For each entry, return the text exactly and omit any image.

::: DATA SUPPLIED

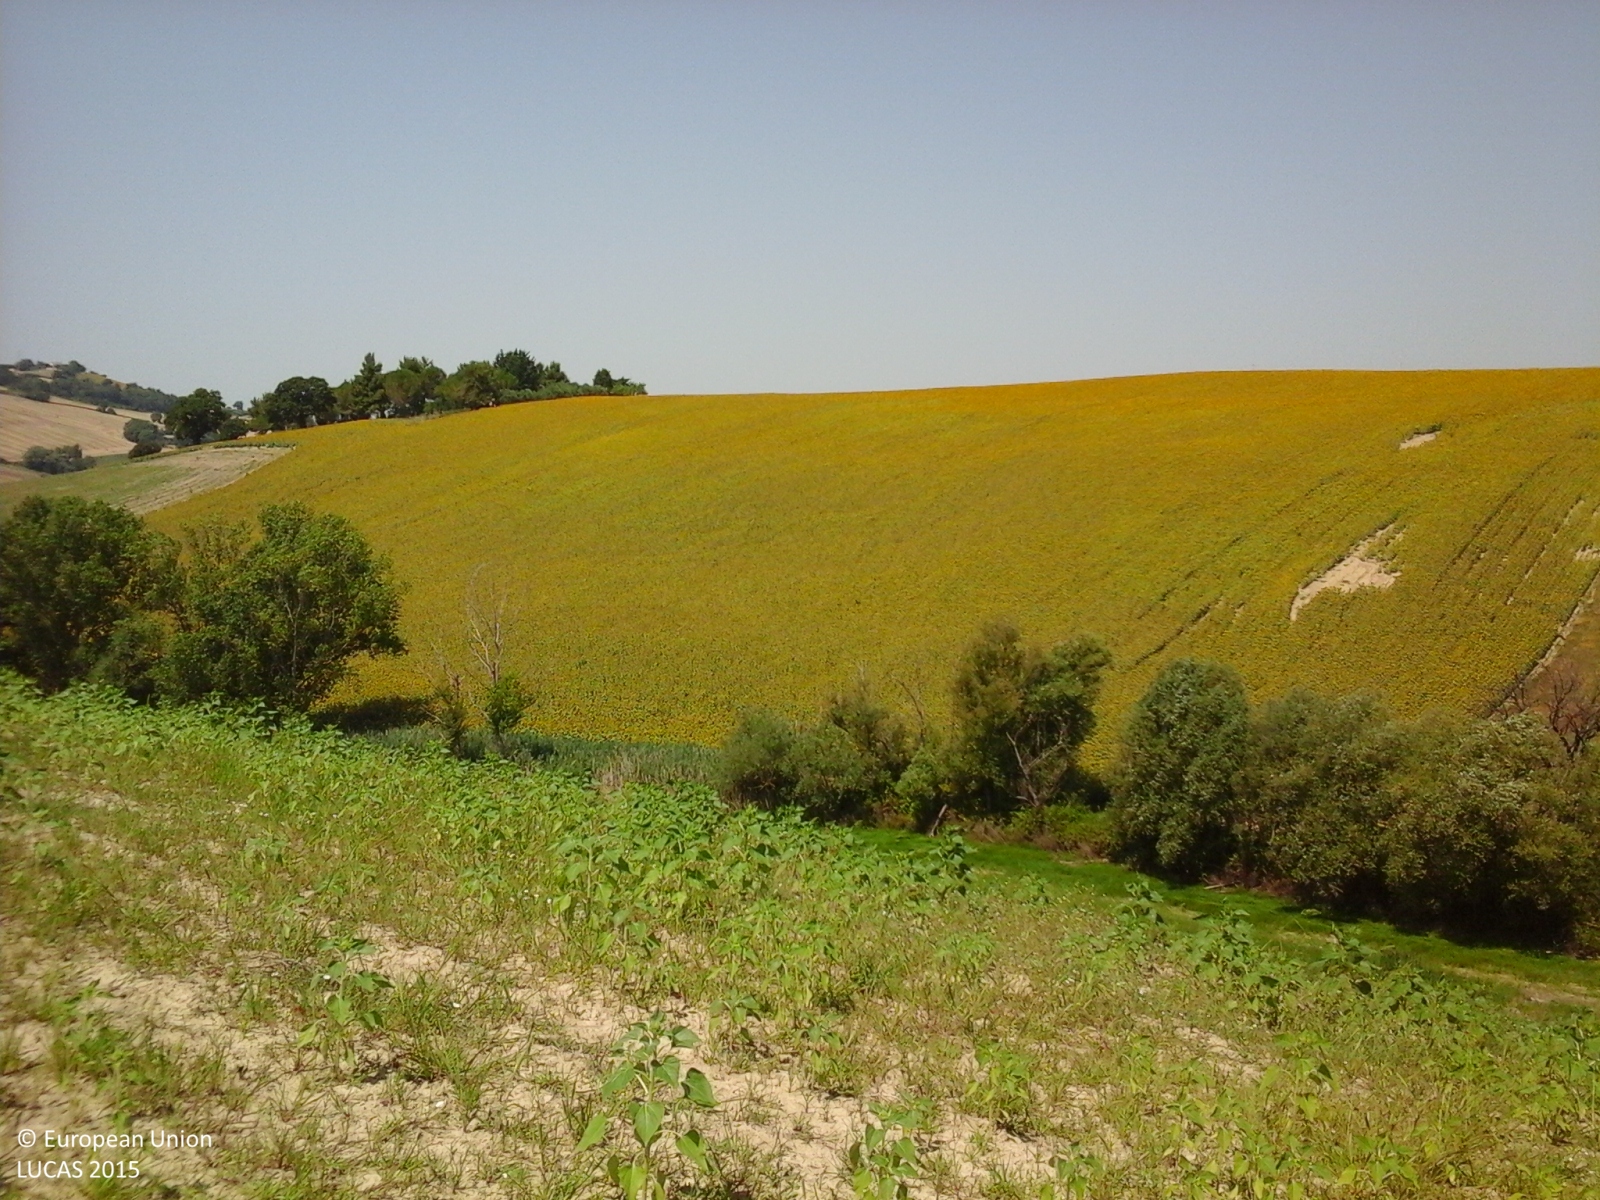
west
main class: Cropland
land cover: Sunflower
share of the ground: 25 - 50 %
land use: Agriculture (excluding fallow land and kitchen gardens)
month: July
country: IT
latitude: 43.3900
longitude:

::::::

REPLY TO THE EXERCISE
west
main class: Cropland
land cover: Sunflower
share of the ground: 25 - 50 %
land use: Agriculture (excluding fallow land and kitchen gardens)
month: July
country: IT
latitude: 43.3900
longitude:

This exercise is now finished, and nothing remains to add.